— Мне было четыре года, — сказала Наталия, — когда моя мать ушла от отца и вышла замуж за этого красивого немца. Я очень любила папу, но он был слабым и покорным; он не настаивал, чтобы я оставалась в Москве. Скоро, против собственной воли, я стала восхищаться отчимом. Он был нежен со мной. Я отказывалась называть его отцом; в конце концов договорились, что я буду называть его Генрихом, как мама.
Три года мы прожили в Лейпциге, а потом маме пришлось вернуться в Москву, чтобы уладить какие-то дела. Она позвонила моему отцу, довольно сердечно поговорила с ним и обещала прислать меня к нему на целый день. Я волновалась прежде всего от того, что увижусь с ним, а также и от того, что снова окажусь в доме, где столько играла и о котором сохранила самые лучшие воспоминания.
Я не разочаровалась. Швейцар перед дверью, большой заснеженный двор — именно эти образы я и хранила в памяти… Что касается отца, он прилагал неимоверные усилия, чтобы этот день стал для меня самым лучшим. Он купил новые игрушки, заказал чудесный обед, а на вечер в саду был запланирован маленький фейерверк.
Папа был человеком очень добрым, но крайне неловким. Ничего из того, что он организовал с такой любовью, не получилось. Новые игрушки лишь усугубили мою тоску по старым, я требовала их, а он не мог их найти. От прекрасного обеда, дурно приготовленного слугами, оставшимися без женского присмотра, мне стало нехорошо. Одна из ракет упала на крышу, прямо в трубу моей бывшей детской, и от нее загорелся ковер. Чтобы погасить начинавшийся пожар, всем домочадцам пришлось выстроиться в цепочку с ведрами, а папа обжег руку, и в результате день, который он задумал веселым, оставил у меня воспоминания о страшных языках пламени и о грустном запахе лекарств на бинтах.
Пришедшая за мной вечером фрейлейн застала меня в слезах. Я была совсем маленькой, но я прекрасно чувствовала все оттенки переживаний. Я знала, что папа любит меня, что он хотел сделать как лучше, но ему это не удалось. Я жалела его, но в то же время мне было за него немного стыдно. Я хотела скрыть от него свои мысли, я пыталась улыбнуться и снова плакала.

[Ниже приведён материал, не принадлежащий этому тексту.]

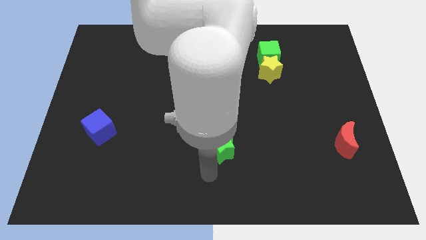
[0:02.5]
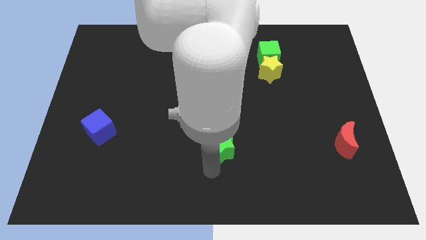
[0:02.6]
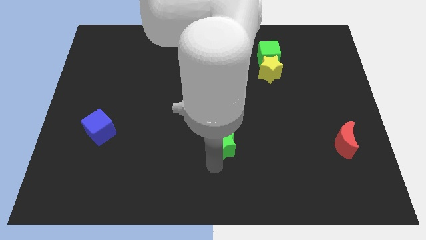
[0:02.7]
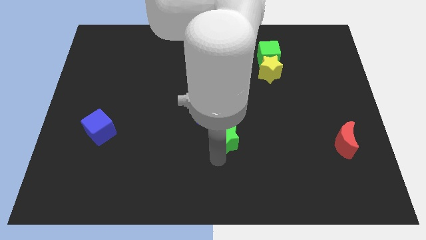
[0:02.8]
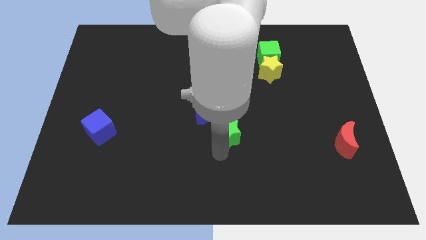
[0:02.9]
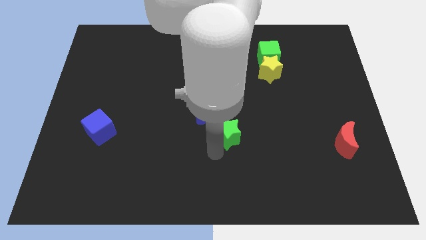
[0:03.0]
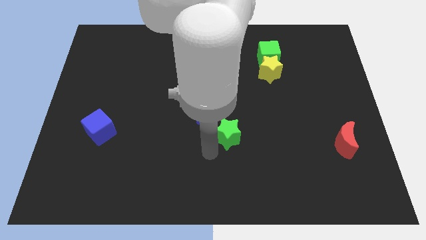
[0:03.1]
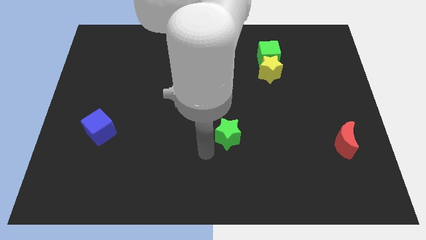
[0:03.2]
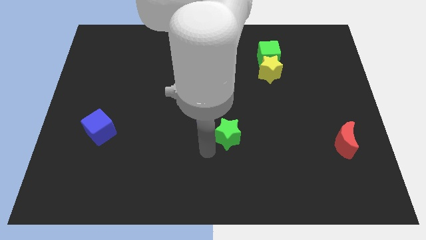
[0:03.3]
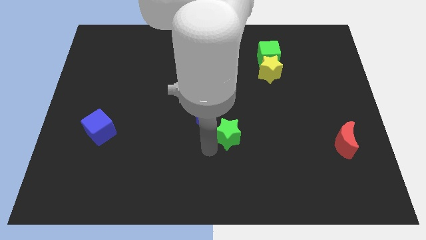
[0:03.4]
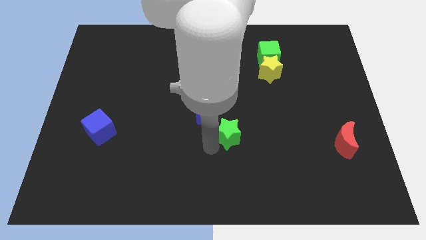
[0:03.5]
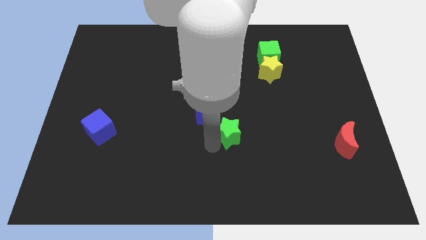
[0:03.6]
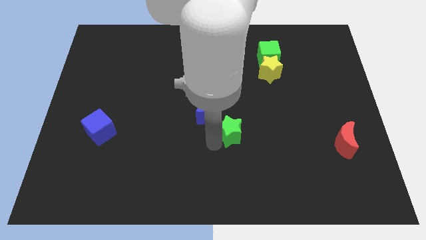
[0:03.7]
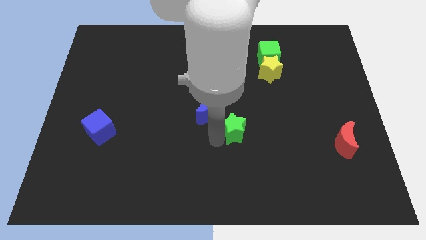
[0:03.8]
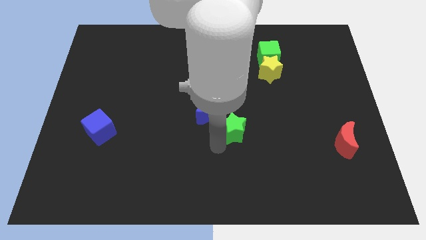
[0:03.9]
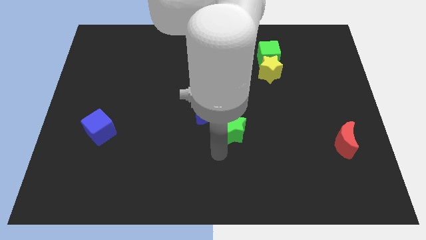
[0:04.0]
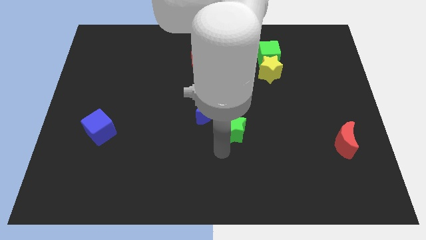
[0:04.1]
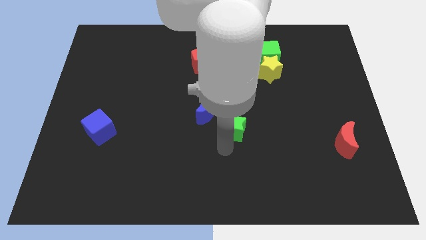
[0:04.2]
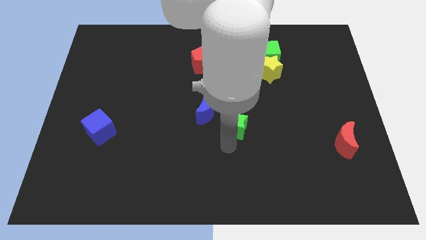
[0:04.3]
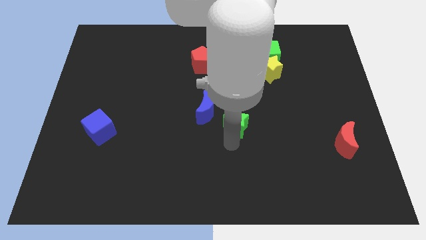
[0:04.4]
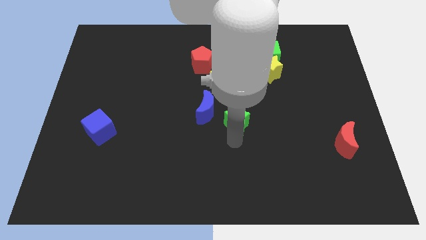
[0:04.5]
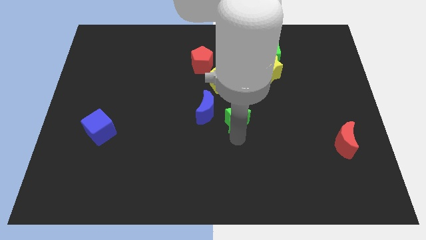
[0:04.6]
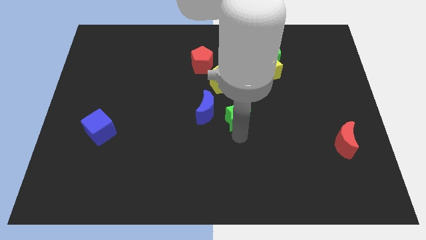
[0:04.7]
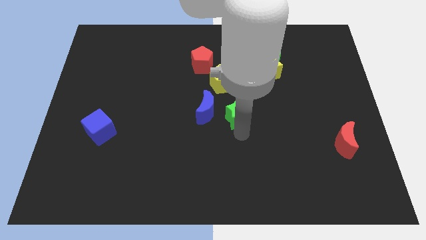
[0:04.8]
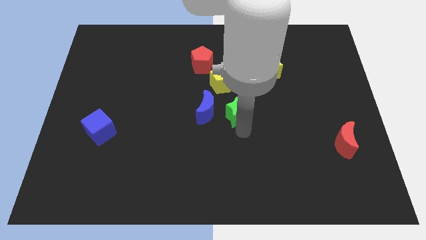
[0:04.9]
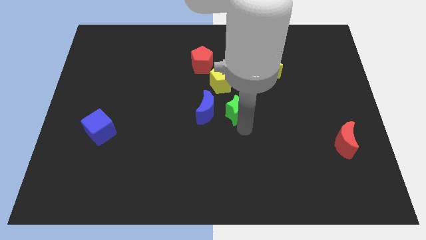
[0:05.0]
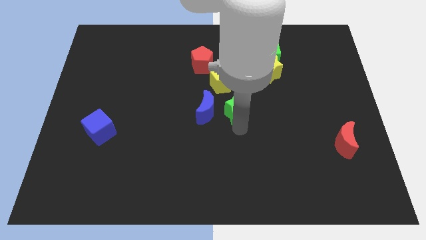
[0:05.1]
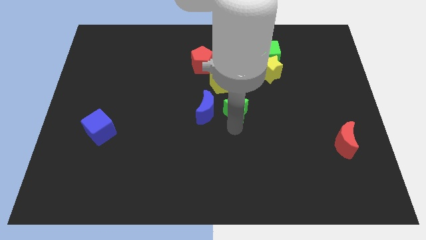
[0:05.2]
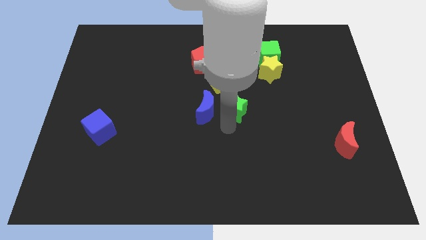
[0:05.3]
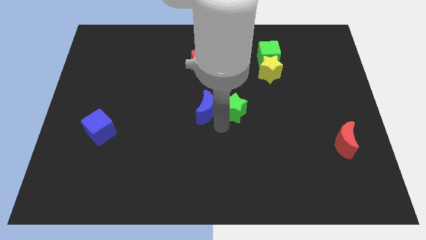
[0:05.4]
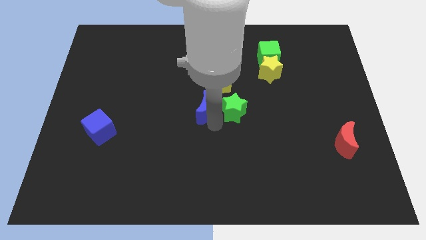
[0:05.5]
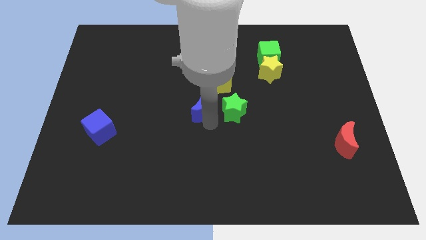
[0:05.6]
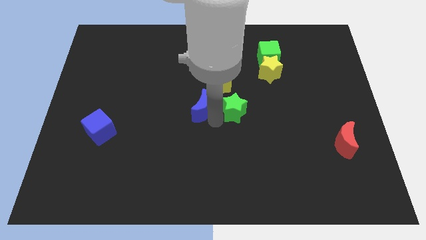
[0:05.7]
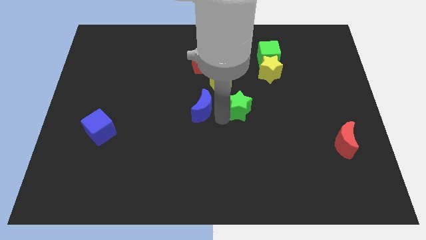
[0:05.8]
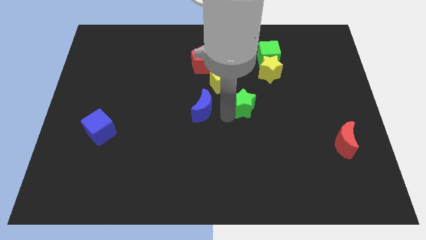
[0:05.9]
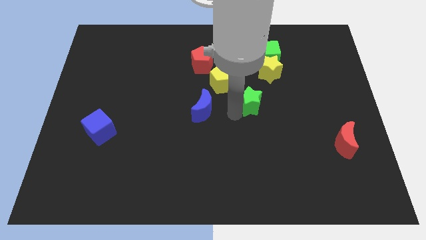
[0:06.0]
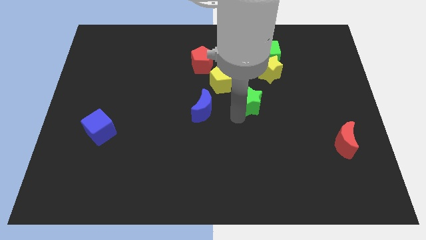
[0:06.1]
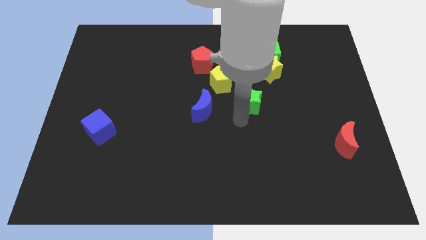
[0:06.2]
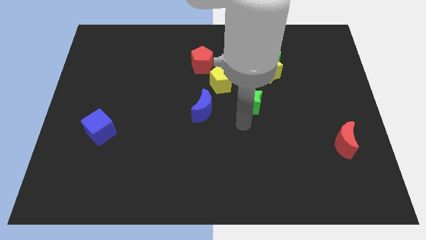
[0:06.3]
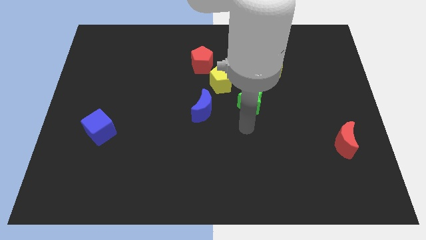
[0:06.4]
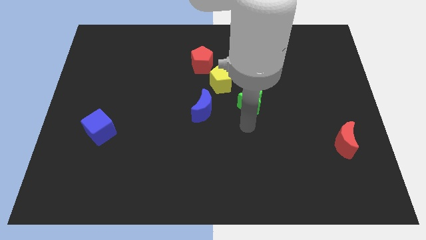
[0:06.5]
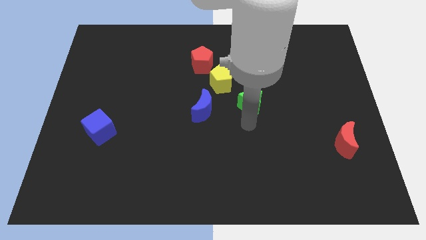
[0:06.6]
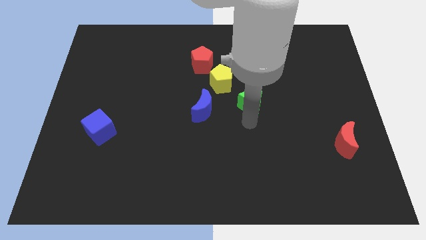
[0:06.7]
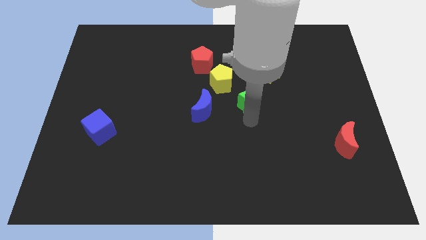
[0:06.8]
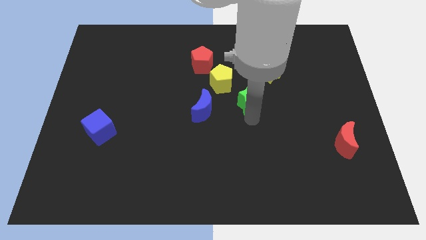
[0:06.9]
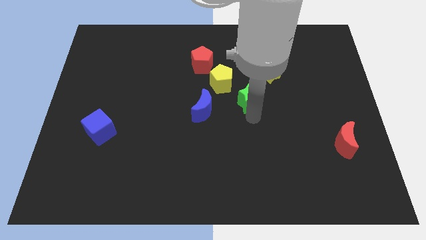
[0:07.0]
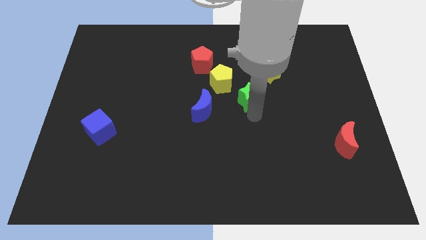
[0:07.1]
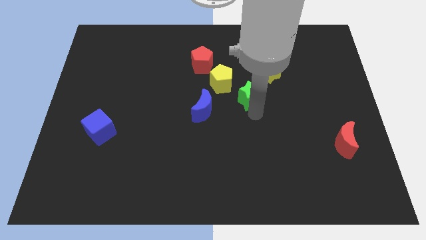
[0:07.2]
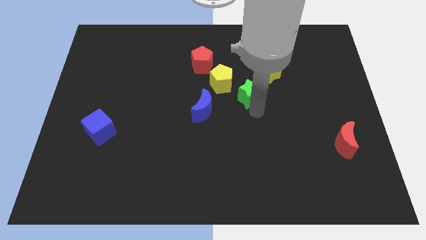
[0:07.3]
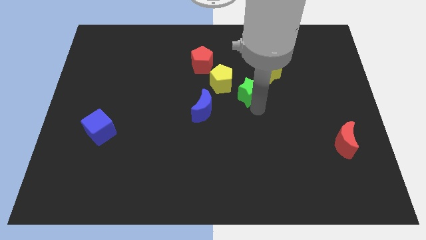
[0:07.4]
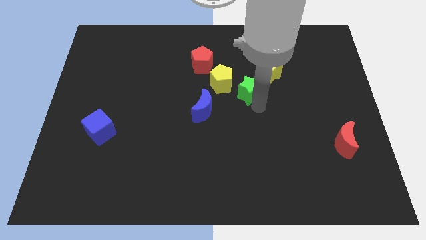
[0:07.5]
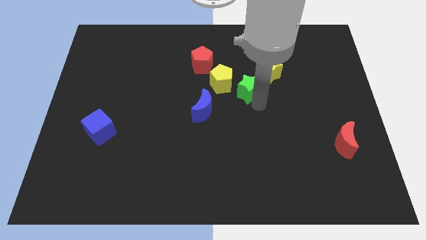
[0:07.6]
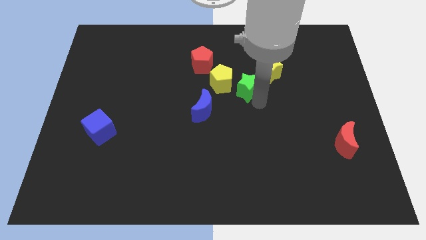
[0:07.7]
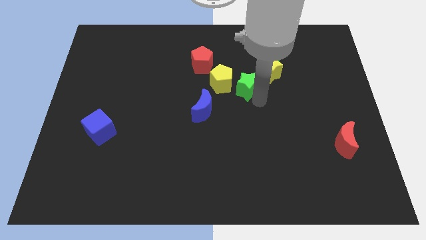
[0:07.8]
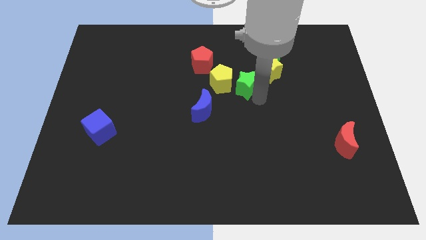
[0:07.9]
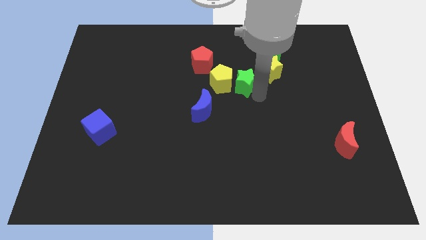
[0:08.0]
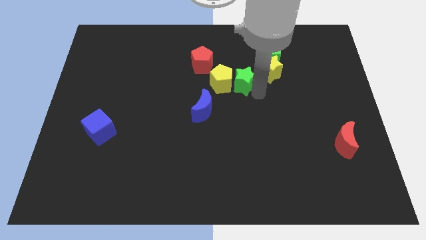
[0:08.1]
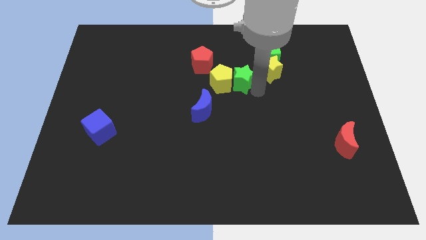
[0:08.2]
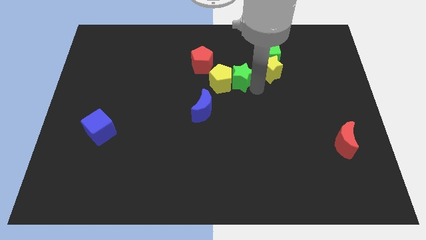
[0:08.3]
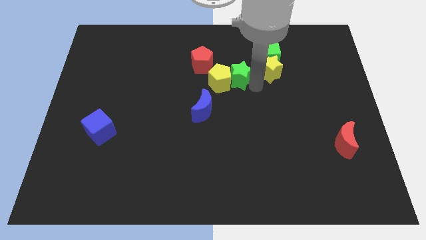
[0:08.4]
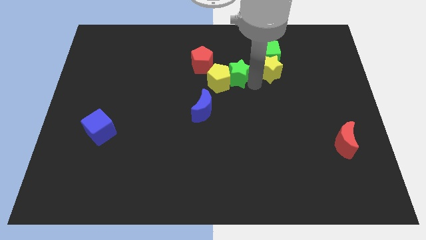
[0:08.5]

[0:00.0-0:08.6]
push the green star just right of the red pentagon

Когда я уходила, он сказал, что в России есть обычай дарить друзьям на Рождество красивые открытки, что он купил для меня такую открытку и надеется, что она мне понравится. Сегодня, думая об этой открытке, я понимаю, что она была ужасна. Но в то время, как мне представляется, мне очень понравились блестящие хлопья снега из бористой соды, красные звездочки, наклеенные за прозрачной синей бумагой, изображавшей небо, и укрепленные на картонной подставке сани, которые словно бы неслись над открыткой. Я поблагодарила папу, обняла его, и мы расстались. Потом была революция, и больше мы никогда не виделись.
Моя фрейлейн привезла меня в гостиницу, где находились мама и отчим. Они одевались, собираясь на ужин к друзьям. Мама была в белом платье и в роскошном бриллиантовом колье. Генрих надел фрак. Они спросили меня, было ли мне весело. Я с вызовом ответила, что замечательно провела день, и описала фейерверк, не обмолвившись ни словом о пожаре. Потом, разумеется, желая доказать, какой прекрасный у меня папа, я показала им свою открытку.
Мама взяла ее и сразу же расхохоталась.
— Боже мой! — сказала она. — Бедный Петр не изменился… Вот ведь экспонат для музея ужасов!
Смотревший на меня Генрих наклонился к ней с сердитым выражением на лице.
— Послушай, — сказал он тихо, — послушай… Не при ребенке…
Он взял у мамы из рук открытку, с улыбкой посмотрел на блестящие снежинки, подвигал сани на шарнире и сказал:
— Никогда еще не видел такую красивую открытку; ее надо беречь.
Мне было семь лет, но я знала, что он лжет, что он, как и мама, считает эту открытку ужасной, что оба они правы и что Генрих из жалости хотел защитить моего бедного папу.
Я порвала открытку и с этого дня возненавидела отчима.